» MATERIAL SHOWN

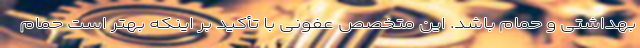
بهداشتی و حمام باشد. این متخصص عفونی با تأکید بر اینکه بهتر است حمام
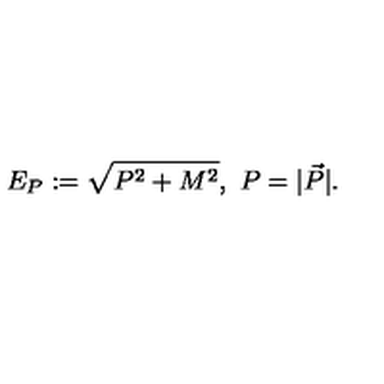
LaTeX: \ E _ { P } : = \sqrt { P ^ { 2 } + M ^ { 2 } } , \ P = | \vec { P } | .
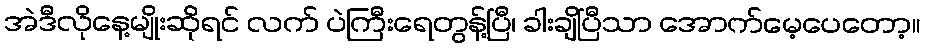
အဲဒီလိုနေ့မျိုးဆိုရင် လက် ပဲကြီးရေတွန့်ပြီ၊ ခါးချိပြီသာ အောက်မေ့ပေတော့။
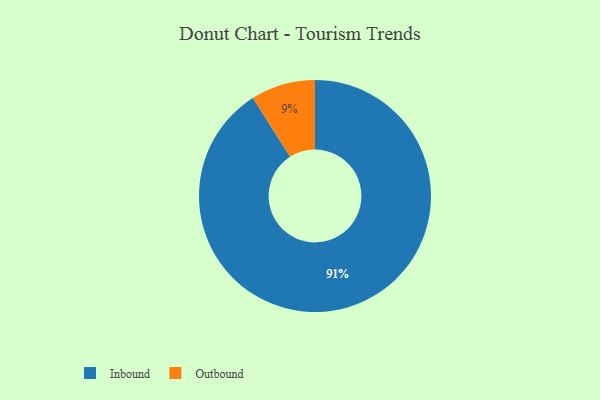
{"axis": {"x": "Category", "y": "Percentage"}, "legend": ["Inbound", "Outbound"], "data": [{"x": "Inbound", "y": 91, "type": "Inbound"}, {"x": "Outbound", "y": 9, "type": "Outbound"}]}
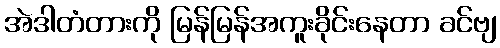
အဲဒါတံတားကို မြန်မြန်အကူးခိုင်းနေတာ ခင်ဗျ
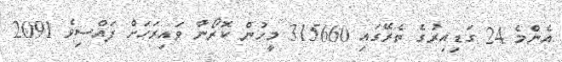
އެންމެ 24 ގަޑިއިރުގެ ތެރޭގައި 315660 މީހުން ކޮރޯނާ ވައިރަހަށް ފައްސިވެ 2091
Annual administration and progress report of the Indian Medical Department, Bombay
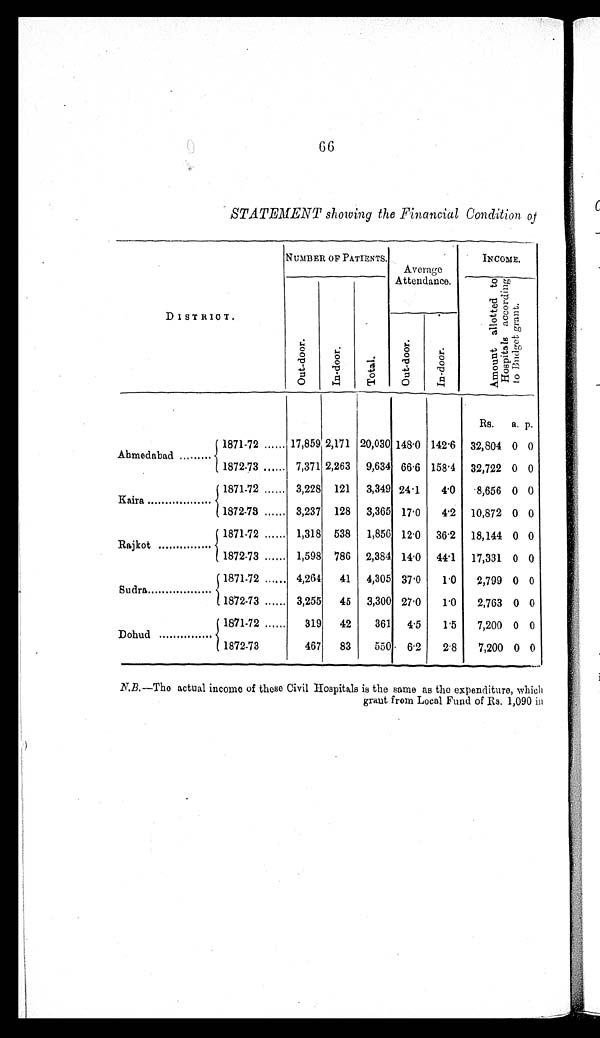
66
STATEMENT showing the Financial Condition of
DISTRICT.
NUMBER OF PATIENTS.
Average
Attendance.
INCOME.
Ou t - d o o r .
I n - d o o r .
Total.
A m o u n t a l l o t t e d t o H o s p i t a l s a c c o r d i n g t o B u d g e t g r a n t .
Ou t - d o o r . I n - d o o r .
Rs. a. p.
Ahmedabad.........
1871-72 ...... 17,859 2,171 20,030 148.0 142.6 32,804 0 0
1872-73 ...... 7,371 2,263 9,634 66.6 158.4 32,722 0 0
Kaira............
1871-72 ...... 3,228 121 3,349 24.1
4.0
8,656 0 0
1872-73 ...... 3,237 128 3,365 17.0
4.2 10,872 0 0
Rajkot.........
1871-72 ...... 1,318 538 1,856 12.0 36.2 18,144 0 0
1872-73 ...... 1,598 786 2,384 14.0 44.1 17,331 0 0
Sudra.........
1871-72
. . . . . . 4,264
41 4,305 37.0
1.0
2,799 0 0
1872-73 ...... 3,255
45 3,300 27.0
1.0
2,763 0 0
Dohud...........
1871-72 ......
319
42
361 4.5
1.5
7,200 0 0
1872-73
467
83
550 6.2
2.8
7,200 0 0
N.B.—The actual income of these Civil Hospitals is the same as the expenditure, which
grant from Local Fund of Rs. 1,090 in
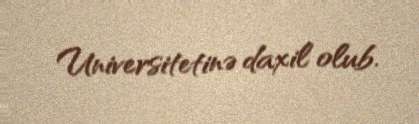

» WORK REQUIRED
"NUMBER OF PATIENTS." marks the first line to copy; copy that line and every line after it through the last line of the listing, exactly and without pictures.

» EXERCISE OUTPUT
NUMBER OF PATIENTS.
Average
Attendance.
INCOME.
Ou t - d o o r .
I n - d o o r .
Total.
A m o u n t a l l o t t e d t o H o s p i t a l s a c c o r d i n g t o B u d g e t g r a n t .
Ou t - d o o r . I n - d o o r .
Rs. a. p.
Ahmedabad.........
1871-72 ...... 17,859 2,171 20,030 148.0 142.6 32,804 0 0
1872-73 ...... 7,371 2,263 9,634 66.6 158.4 32,722 0 0
Kaira............
1871-72 ...... 3,228 121 3,349 24.1
4.0
8,656 0 0
1872-73 ...... 3,237 128 3,365 17.0
4.2 10,872 0 0
Rajkot.........
1871-72 ...... 1,318 538 1,856 12.0 36.2 18,144 0 0
1872-73 ...... 1,598 786 2,384 14.0 44.1 17,331 0 0
Sudra.........
1871-72
. . . . . . 4,264
41 4,305 37.0
1.0
2,799 0 0
1872-73 ...... 3,255
45 3,300 27.0
1.0
2,763 0 0
Dohud...........
1871-72 ......
319
42
361 4.5
1.5
7,200 0 0
1872-73
467
83
550 6.2
2.8
7,200 0 0
N.B.—The actual income of these Civil Hospitals is the same as the expenditure, which
grant from Local Fund of Rs. 1,090 in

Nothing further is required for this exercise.